Em 'Achtung Baby' e, particularmente, em 'Zooropa', o U2 começou a estabelecer um novo precedente para a improvisação em estúdio no cenário do rock.
Embora a banda chegasse ao estúdio com algumas músicas pré-escritas, a maior parte do material não passava de um esboço — uma tela em branco virtual na qual Brian Eno, Daniel Lanois, os co-produtores Flood e o próprio U2 podiam pintar texturas sonoras.

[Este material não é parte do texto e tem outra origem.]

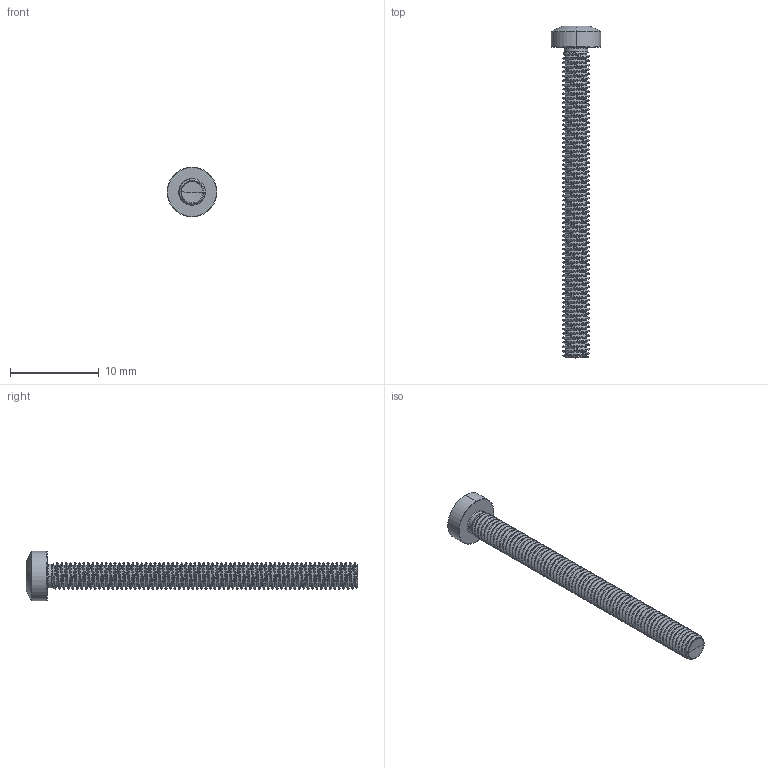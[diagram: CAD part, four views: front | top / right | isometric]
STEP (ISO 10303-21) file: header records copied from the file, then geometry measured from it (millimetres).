
FILE_DESCRIPTION (( 'STEP AP203' ), '1' );
FILE_NAME ('STM390300350.STEP', '2020-12-23T15:08:05', ( '' ), ( '' ), 'SwSTEP 2.0', 'SolidWorks 2015', '' );
FILE_SCHEMA (( 'CONFIG_CONTROL_DESIGN' ));
Products named in the file (2): STM390300350
Bounding box: 5.6 x 37.4 x 5.6 mm (x, y, z)
Volume: 245.3 mm3; surface area: 585.8 mm2
Topology: 1 solids, 1 shells, 209 faces, 587 edges, 380 vertices
Faces by surface type: cylinder 159, bspline 18, torus 13, cone 12, sphere 4, plane 3
Entity records: 35942 total; most frequent: CARTESIAN_POINT 31408, ORIENTED_EDGE 1170, DIRECTION 682, EDGE_CURVE 585, VERTEX_POINT 380, AXIS2_PLACEMENT_3D 257, EDGE_LOOP 211, ADVANCED_FACE 209
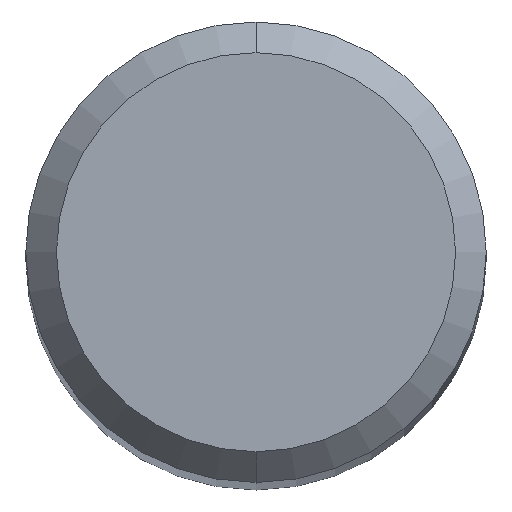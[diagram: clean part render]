
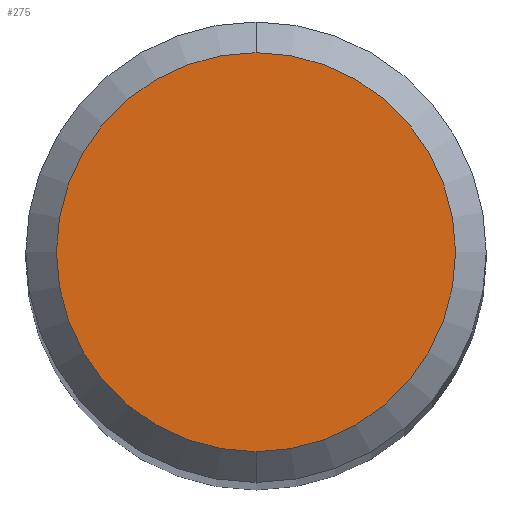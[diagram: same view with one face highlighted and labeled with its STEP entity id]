
A CAD part, top view. The second image highlights one B-rep face of the part: STEP entity #275.
In plain terms, the highlighted planar face has unit normal (0, 0, 1).
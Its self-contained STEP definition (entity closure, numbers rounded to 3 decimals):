
#267=VERTEX_POINT('',#569);
#275=ADVANCED_FACE('',(#577),#578,.T.);
#369=VERTEX_POINT('',#682);
#393=EDGE_CURVE('',#267,#369,#707,.T.);
#409=EDGE_CURVE('',#369,#267,#723,.T.);
#569=CARTESIAN_POINT('',(0.0,2.6,55.307));
#577=FACE_OUTER_BOUND('',#979,.T.);
#578=PLANE('',#980);
#682=CARTESIAN_POINT('',(0.,-2.6,55.307));
#707=CIRCLE('',#1298,2.6);
#723=CIRCLE('',#1349,2.6);
#979=EDGE_LOOP('',(#1535,#1536));
#980=AXIS2_PLACEMENT_3D('',#1537,#1538,#1539);
#1298=AXIS2_PLACEMENT_3D('',#1677,#1678,#1679);
#1349=AXIS2_PLACEMENT_3D('',#1686,#1687,#1688);
#1535=ORIENTED_EDGE('',*,*,#393,.F.);
#1536=ORIENTED_EDGE('',*,*,#409,.F.);
#1537=CARTESIAN_POINT('',(0.0,1.3,55.307));
#1538=DIRECTION('',(0.0,0.0,1.0));
#1539=DIRECTION('',(0.0,-1.0,0.0));
#1677=CARTESIAN_POINT('',(0.0,0.0,55.307));
#1678=DIRECTION('',(0.0,0.0,-1.0));
#1679=DIRECTION('',(0.0,1.0,0.0));
#1686=CARTESIAN_POINT('',(0.0,0.0,55.307));
#1687=DIRECTION('',(0.0,0.0,-1.0));
#1688=DIRECTION('',(0.0,1.0,0.0));

"Quando começamos a trabalhar em 'Zooropa', sugeri à banda que começassem a improvisar regularmente no estúdio", diz Brian Eno. "Eles tinham perdido o hábito de improvisar e, por vários motivos, não o faziam. Então eu disse: 'Deveríamos imaginar que estamos criando trilhas sonoras hipotéticas para filmes, não compondo músicas'.
Essa é sempre uma ideia muito libertadora, porque a trilha sonora de um filme não precisa ter um foco central – o próprio filme é o foco. Isso permite criar música que seja pura atmosfera, e isso realmente possibilitou que coisas boas surgissem no caso deles. Em nossa relação, Dan cuidava do aspecto funcional e eu do conceitual, e digo a vocês, um não existe sem o outro. É preciso controlar ambos".
O conceito de composição de Brian Eno para a gravação de 'Zooropa', se estendeu para o projeto seguinte. 'Original Soundtracks 1', lançado em novembro de 1995, é uma coletânea de músicas nada convencionais escritas para filmes em sua maioria, imaginários. É considerado tão experimental que decidiram lançá-lo sob o pseudônimo de Passengers.